LG enters thin-TV race with Scarlet sets

LG Electronics has officially thrown its hat into the thin TV ring with the launch this week of its Scarlet TV set. The TV, which was first unveiled at the International Consumer Electronics Show in January in Las Vegas, is LG’s thinnest flat-panel TV yet.

LG said the Scarlet is just 45 millimeters thick, which isn’t thin enough to beat Sharp’s X-series LCD TVs that recently went on sale in Japan. The Sharp TVs are 34 millimeters at their thinnest point, and swell slightly to 38 millimeters at the thickest point.

Thinness is likely to be a key battle ground in the flat-panel TV market this year. After several years of competition on screen size, sets are at the point where larger screens don’t make much sense anymore, so companies are focusing on slimming down the supposedly “flat” TVs. In addition to the TVs from LG and Sharp prototypes have also been shown at trade shows by JVC, Panasonic and Hitachi.

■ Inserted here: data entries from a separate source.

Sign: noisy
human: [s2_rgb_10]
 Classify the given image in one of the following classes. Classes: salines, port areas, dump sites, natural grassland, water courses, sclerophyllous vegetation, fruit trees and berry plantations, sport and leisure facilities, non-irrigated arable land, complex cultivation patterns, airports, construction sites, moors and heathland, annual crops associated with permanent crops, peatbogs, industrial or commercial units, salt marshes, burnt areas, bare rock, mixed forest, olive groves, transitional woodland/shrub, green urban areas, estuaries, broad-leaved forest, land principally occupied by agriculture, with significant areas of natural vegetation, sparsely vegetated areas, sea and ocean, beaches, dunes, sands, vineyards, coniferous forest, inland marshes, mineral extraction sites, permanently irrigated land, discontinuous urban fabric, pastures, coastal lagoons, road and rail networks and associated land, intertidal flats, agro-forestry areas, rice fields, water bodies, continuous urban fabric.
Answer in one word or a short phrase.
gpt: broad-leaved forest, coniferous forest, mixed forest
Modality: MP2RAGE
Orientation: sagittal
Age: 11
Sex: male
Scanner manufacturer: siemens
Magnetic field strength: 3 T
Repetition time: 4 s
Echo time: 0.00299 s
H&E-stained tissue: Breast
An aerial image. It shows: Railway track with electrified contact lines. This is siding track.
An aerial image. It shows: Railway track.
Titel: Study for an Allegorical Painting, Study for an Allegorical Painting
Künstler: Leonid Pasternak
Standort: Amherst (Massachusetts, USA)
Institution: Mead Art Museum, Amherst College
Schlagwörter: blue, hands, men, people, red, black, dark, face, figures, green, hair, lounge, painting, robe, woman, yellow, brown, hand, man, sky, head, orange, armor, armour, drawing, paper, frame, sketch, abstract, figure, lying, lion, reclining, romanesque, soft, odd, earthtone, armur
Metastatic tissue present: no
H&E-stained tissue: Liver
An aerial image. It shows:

The Scarlet sets will be sold in the U.S. under the LG60 brand name and in Europe under the LG6000 name. A 47-inch model in the range is already on sale in the U.K. and boasts a full high-definition (1,920 pixel by 1,080 pixel) screen and 100Hz fast scanning to provide a smoother image when showing fast motion. Other sets will go on sale soon in markets around the world.

So far LG has attracted more attention for its advertising campaign than for the TV sets themselves. A cleverly done teaser commercial duped people into believing Scarlet was a new TV series by David Nutter, a director/producer best known for his work on pilot episodes of TV shows such as “Terminator: The Sarah Connor Chronicles.” The teasers hinted that “Scarlet, the hit new TV series” was a Nutter project featuring actress Natassia Malthe.

A Hollywood premiere for Scarlet built the buzz, but those at the event soon discovered that Scarlet was a series of TVs, not a TV series in the traditional sense. The bold public relations gamble gained Scarlet widespread publicity, including mentions in newspapers like The Wall Street Journal, where it might have otherwise had a hard time getting space.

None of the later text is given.